Para ter sucesso em Mídias Sociais é preciso acreditar


Diferente dos posts que costumo fazer, este post tem altas doses de opinião, nenhum gráfico e nenhum embasamento científico. Resolvi falar sobre criação e o que antecede os cases de sucesso (ou de fracasso) que vemos em mídias sociais.

Muitas pessoas, palestras, livros, blog enumeram em tópicos a receita do sucesso para ações de marketing. O sucesso pode ter diferentes parâmetros para cada profissional. Pode ser um sucesso de visualizações, sucesso de adesão, sucesso de vendas ou qualquer outro tipo de conversão.

Passamos pelas etapas básicas, de recebimento de briefing, discussão com as áreas envolvidas, brainstorm, planejamento, apresentação e execução. Todos essas etapas são importantes para o desenvolvimento de projetos. Mas será que existem um momento decisivo para um projeto deslachar ou não?

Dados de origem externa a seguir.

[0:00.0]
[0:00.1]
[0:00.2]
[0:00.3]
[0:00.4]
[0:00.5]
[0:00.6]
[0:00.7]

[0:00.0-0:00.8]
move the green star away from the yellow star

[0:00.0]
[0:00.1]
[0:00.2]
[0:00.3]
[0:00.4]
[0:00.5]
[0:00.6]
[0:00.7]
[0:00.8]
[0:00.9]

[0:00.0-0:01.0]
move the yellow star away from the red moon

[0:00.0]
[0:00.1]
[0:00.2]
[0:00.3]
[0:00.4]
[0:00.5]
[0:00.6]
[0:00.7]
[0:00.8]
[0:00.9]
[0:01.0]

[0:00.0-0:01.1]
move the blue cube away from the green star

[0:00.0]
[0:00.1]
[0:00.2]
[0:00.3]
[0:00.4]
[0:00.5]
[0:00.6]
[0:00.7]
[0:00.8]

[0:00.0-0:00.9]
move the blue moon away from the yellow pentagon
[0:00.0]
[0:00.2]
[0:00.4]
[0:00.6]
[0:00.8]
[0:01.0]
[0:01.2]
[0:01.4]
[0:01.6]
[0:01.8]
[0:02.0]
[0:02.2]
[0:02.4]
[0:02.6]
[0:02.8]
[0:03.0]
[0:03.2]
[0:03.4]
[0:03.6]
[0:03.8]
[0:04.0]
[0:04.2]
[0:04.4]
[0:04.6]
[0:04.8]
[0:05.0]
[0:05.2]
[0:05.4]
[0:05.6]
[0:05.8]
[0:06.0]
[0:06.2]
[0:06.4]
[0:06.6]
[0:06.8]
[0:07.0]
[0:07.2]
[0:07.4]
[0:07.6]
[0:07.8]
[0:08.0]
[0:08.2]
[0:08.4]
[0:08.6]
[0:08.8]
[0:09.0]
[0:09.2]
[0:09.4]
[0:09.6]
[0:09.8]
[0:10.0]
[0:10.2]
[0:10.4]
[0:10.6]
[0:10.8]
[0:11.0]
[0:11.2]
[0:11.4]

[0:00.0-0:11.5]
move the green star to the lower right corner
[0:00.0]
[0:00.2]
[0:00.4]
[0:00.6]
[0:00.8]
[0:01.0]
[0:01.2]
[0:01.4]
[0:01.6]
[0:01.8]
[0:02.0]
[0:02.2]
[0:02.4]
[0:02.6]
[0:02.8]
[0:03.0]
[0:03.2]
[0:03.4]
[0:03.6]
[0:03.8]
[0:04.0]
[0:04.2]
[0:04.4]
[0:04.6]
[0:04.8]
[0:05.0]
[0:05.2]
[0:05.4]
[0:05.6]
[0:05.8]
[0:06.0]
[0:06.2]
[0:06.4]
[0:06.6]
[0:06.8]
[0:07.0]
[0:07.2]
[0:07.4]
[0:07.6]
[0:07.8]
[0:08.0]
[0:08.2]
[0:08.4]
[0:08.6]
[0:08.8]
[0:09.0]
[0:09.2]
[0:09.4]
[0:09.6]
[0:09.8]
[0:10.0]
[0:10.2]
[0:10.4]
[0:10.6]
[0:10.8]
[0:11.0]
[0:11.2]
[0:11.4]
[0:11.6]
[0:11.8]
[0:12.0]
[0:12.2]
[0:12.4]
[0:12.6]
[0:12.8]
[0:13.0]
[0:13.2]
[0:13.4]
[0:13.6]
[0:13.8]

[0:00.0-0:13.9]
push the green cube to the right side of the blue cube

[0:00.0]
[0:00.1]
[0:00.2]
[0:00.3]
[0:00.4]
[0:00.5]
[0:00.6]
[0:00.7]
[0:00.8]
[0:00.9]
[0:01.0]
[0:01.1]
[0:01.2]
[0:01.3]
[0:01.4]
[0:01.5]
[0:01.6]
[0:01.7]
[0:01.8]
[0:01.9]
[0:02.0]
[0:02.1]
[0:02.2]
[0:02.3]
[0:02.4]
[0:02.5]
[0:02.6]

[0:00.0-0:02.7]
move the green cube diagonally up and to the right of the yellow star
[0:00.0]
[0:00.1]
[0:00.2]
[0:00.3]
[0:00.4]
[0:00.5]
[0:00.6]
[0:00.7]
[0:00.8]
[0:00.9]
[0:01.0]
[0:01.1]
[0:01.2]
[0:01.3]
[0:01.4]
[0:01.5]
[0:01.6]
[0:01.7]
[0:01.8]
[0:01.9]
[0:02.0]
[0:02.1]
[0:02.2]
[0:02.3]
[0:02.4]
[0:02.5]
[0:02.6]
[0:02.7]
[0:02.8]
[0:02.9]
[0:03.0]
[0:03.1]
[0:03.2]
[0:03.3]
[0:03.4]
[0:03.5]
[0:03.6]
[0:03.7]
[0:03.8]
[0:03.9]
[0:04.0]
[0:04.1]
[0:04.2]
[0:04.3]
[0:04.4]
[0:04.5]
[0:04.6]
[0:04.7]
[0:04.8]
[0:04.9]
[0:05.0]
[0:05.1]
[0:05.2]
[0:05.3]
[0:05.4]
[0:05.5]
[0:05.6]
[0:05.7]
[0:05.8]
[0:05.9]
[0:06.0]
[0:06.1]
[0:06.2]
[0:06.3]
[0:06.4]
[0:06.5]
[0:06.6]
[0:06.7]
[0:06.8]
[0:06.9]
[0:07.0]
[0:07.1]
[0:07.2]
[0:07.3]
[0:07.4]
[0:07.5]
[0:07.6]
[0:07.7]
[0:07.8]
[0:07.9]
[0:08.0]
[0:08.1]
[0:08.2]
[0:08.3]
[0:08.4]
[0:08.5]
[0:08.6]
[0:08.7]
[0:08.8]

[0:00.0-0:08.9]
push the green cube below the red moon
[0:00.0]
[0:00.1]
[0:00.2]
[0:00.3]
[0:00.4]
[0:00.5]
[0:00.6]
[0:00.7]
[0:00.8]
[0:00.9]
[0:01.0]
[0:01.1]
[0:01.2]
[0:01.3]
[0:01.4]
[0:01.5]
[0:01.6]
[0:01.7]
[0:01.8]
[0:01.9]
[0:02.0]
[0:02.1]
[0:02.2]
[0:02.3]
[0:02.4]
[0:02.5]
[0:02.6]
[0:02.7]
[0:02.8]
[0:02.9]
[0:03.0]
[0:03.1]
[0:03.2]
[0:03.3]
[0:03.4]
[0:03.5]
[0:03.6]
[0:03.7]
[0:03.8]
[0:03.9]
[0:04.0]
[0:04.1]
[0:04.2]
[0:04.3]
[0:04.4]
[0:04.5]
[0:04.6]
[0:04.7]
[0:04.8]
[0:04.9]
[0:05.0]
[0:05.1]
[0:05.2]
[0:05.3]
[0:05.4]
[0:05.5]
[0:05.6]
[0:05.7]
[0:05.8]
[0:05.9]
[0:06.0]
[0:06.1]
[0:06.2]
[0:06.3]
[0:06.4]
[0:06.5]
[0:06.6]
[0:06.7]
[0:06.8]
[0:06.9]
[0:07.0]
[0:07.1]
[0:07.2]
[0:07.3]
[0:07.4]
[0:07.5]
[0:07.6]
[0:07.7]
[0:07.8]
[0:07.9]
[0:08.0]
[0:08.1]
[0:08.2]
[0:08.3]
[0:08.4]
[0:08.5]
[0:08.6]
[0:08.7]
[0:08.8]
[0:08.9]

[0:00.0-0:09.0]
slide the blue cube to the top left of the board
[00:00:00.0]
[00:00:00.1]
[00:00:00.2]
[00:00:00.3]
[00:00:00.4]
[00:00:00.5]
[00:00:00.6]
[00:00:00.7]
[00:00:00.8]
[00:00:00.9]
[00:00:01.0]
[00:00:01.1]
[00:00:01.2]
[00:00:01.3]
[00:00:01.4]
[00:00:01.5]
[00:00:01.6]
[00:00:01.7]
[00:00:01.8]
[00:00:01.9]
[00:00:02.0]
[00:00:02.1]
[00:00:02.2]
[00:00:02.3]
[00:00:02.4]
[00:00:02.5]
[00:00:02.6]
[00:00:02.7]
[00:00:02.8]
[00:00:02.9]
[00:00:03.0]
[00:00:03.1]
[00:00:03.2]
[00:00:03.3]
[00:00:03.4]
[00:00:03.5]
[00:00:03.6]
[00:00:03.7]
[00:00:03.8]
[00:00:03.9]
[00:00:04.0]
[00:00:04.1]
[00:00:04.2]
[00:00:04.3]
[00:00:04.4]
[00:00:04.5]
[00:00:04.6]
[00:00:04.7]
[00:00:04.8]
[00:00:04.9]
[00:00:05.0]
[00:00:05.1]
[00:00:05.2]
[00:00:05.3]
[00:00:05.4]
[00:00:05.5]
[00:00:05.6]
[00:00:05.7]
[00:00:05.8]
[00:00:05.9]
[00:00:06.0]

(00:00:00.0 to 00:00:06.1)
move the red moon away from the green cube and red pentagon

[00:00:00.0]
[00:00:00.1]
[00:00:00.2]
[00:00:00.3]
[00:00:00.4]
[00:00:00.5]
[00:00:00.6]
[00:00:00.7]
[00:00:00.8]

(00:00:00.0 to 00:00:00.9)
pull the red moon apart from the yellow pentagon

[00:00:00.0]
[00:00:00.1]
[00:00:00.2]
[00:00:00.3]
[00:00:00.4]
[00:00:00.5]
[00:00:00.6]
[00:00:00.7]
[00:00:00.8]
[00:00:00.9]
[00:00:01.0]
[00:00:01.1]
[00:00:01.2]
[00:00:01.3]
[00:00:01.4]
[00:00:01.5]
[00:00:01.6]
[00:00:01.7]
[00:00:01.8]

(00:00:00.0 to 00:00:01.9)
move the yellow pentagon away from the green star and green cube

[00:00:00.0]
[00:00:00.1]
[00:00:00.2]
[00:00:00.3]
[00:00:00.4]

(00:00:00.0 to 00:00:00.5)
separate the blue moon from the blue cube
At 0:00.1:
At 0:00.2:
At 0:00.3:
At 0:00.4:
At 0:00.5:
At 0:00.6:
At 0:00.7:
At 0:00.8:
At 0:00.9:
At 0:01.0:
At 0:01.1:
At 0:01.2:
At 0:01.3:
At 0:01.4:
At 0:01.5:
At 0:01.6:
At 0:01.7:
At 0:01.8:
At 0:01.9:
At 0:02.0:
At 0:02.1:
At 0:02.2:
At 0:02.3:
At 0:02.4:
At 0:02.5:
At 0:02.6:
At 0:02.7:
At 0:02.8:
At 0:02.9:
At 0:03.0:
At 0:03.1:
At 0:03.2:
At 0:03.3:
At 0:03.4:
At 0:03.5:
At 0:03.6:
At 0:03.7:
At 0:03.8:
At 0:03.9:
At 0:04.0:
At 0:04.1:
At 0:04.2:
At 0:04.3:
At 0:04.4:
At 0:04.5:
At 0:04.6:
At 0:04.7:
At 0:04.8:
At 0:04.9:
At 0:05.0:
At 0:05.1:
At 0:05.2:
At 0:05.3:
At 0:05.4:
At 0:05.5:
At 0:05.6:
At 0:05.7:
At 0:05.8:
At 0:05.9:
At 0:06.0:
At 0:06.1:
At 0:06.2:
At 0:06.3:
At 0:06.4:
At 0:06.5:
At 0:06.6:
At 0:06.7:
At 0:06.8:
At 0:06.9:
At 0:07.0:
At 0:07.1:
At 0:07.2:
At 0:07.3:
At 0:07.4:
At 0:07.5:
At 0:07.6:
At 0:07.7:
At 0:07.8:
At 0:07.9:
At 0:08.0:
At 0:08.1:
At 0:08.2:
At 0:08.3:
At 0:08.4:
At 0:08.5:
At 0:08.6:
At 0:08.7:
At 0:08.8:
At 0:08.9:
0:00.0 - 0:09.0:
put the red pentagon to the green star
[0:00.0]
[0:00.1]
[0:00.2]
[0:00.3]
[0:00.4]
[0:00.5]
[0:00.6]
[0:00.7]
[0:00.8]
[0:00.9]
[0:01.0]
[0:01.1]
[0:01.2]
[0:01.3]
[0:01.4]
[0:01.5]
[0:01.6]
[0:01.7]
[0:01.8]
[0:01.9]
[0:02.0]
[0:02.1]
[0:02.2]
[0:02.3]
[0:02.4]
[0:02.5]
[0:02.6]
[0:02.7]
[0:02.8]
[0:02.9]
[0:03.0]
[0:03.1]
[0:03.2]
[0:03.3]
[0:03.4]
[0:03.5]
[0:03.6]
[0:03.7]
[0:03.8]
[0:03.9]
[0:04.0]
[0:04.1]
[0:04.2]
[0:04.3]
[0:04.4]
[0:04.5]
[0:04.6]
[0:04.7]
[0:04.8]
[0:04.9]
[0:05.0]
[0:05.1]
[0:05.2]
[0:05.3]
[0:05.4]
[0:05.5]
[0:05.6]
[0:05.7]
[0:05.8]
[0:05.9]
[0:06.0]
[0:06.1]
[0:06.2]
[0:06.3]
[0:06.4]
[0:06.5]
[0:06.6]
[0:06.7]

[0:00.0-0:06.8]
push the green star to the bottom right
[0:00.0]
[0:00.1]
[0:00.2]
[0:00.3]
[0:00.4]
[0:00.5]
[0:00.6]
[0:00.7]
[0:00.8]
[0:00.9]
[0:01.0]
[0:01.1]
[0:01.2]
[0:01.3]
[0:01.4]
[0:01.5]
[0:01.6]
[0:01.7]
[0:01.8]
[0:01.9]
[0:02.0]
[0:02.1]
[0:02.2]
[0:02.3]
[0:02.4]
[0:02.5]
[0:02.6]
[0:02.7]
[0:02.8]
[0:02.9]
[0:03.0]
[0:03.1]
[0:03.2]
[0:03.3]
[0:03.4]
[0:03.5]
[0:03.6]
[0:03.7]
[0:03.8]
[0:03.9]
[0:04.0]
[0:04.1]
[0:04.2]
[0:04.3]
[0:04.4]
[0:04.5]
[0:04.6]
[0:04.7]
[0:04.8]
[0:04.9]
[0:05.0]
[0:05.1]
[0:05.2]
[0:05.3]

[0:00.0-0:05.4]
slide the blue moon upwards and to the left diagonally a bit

E eu tenho uma receita, baseadas nas minhas experiências passadas e nas agências que trabalhei, que é o reconhecimento de que a saída do brainstorm é um momento decisivo. E entre este momento e o planejamento  você precisa acreditar no que está no ppt. Se você não acreditar no sucesso da ação nesse instante, você pode colocar tudo que foi proposto por água abaixo.

Muitas vezes, nesse momento pós brainstorm, pensamos que as coisas podiam ser feitas de uma maneira diferente ou outras ideias poderiam ser aplicadas e algo nos trava e nos passa o receio de voltar atrás. PARE NESTE MOMENTO E COLOQUE AS IDEIAS PARA FORA.

Você precisa acreditar num job vencedor. Se ele está no ppt e vai chegar a mesa do cliente sem que você acredite naquela ideia, remarque a reunião, peça mais prazo, mas só leve ele adiante com a certeza de que vai dar certo.

E quando o cliente não acredita? Essa é a parte mais difícil de se trabalhar com mídias sociais, sem sombra de dúvida. Então, aqui seguem algumas dicas:

  • Argumente com cliente com base em fatos (ou teoria, para os mais avançados). Discursos regados a achismo não levarão seu job a lugar nenhum.
  • Tenha benchmarks na manga, mas saiba fazer comparações. Se o exemplo não compete no mesmo mercado, não vale. Se é lovemark e a sua marca é de esquina, também não vale. Se é uma marca global e a sua é local, também não conta. Todas essas diferenças influenciam drasticamente no seu “conceito de sucesso”.
  • Saiba dizer não. Se o cliente te pede algo absurdo, que pode colocar em risco a imagem da sua empresa / agência ou da própria marca, recuse. Pense a logo prazo. Você perde agora para ganhar credibilidade e reconhecimento lá na frente.

Espero ter ajudado com as dicas :)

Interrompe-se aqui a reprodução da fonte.